(Source data)
·····

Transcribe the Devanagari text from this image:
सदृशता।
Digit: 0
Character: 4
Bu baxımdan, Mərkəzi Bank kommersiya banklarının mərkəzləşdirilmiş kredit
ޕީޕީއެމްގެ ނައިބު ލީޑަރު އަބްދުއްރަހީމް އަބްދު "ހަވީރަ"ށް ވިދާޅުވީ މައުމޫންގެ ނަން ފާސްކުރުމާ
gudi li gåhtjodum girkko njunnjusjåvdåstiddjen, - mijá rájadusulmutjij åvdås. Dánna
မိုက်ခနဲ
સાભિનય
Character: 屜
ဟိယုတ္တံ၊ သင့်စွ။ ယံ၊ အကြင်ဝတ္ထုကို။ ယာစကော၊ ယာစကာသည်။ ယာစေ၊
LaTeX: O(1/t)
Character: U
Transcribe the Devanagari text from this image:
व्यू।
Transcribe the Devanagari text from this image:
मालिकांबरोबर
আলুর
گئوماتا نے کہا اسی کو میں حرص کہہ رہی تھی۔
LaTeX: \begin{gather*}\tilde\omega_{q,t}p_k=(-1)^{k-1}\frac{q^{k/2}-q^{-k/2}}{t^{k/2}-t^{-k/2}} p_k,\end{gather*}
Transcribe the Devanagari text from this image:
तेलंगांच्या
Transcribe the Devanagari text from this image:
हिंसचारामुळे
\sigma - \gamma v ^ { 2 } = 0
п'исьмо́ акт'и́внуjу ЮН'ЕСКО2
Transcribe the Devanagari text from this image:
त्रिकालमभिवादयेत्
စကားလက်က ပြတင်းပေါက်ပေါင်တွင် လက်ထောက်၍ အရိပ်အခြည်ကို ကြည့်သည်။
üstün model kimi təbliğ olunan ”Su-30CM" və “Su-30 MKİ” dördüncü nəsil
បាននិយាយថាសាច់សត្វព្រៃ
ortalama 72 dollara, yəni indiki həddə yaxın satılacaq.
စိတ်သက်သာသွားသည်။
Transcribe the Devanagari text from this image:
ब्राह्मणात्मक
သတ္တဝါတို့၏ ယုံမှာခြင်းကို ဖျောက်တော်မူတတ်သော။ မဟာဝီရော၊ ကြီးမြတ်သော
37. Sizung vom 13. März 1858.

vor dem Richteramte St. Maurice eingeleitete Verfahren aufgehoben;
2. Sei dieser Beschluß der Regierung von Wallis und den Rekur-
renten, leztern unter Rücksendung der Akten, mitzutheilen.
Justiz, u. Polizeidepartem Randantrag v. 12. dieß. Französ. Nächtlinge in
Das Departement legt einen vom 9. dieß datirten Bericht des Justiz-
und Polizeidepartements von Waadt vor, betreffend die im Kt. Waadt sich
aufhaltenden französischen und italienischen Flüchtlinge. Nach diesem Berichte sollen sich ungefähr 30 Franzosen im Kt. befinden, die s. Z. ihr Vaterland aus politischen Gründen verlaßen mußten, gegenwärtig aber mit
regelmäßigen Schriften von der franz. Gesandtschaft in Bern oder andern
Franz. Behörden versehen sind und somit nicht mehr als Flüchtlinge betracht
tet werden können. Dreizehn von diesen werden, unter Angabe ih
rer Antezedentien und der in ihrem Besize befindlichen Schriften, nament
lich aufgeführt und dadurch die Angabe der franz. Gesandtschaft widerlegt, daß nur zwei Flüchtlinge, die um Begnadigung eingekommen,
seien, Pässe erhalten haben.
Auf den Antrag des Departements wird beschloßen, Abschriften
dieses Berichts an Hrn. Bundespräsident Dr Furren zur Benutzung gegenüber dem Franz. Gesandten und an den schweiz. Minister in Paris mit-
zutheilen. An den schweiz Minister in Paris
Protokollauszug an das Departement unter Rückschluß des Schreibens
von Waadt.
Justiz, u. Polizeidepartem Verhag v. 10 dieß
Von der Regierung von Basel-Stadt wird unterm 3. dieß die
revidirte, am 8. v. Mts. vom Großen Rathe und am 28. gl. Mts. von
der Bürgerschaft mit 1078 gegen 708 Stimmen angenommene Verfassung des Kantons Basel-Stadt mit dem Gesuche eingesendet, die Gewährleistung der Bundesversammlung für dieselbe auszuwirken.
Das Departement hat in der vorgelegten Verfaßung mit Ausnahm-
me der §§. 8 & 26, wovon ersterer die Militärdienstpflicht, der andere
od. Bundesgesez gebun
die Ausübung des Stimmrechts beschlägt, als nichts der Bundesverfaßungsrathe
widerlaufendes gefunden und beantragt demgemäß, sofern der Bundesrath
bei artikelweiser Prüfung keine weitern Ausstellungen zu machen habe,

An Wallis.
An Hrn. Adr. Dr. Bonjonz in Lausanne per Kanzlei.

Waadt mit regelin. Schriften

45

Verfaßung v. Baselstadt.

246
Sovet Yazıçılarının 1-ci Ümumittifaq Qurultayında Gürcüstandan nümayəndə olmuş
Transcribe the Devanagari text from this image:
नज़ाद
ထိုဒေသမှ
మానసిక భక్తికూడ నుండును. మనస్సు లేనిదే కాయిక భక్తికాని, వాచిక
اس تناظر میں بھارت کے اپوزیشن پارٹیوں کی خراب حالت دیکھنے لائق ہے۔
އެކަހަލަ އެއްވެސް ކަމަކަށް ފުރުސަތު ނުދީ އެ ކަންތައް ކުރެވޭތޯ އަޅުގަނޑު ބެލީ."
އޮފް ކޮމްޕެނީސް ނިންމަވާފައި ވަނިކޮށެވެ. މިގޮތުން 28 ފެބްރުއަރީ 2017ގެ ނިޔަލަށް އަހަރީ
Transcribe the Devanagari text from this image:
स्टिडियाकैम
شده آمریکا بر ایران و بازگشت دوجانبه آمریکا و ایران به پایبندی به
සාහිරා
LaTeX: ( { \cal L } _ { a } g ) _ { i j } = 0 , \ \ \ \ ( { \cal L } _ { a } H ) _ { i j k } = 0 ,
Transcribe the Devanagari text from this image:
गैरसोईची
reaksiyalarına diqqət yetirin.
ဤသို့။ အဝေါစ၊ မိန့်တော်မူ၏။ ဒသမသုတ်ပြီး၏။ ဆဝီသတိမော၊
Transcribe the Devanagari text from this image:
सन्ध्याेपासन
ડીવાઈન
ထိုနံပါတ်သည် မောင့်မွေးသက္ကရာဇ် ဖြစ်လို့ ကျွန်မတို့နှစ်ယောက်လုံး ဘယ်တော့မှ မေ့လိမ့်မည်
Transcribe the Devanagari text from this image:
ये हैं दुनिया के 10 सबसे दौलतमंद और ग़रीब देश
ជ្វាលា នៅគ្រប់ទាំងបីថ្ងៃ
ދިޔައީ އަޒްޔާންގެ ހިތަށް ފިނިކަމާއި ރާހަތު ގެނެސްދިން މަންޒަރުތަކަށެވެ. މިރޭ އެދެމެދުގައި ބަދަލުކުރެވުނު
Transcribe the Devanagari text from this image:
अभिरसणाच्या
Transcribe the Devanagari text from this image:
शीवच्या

·····

[The problem]: Check each line of the entries above, and show every one holding the word "Waadt".

[Final answer]:
und Polizeidepartements von Waadt vor, betreffend die im Kt. Waadt sich
von Waadt.
Waadt mit regelin. Schriften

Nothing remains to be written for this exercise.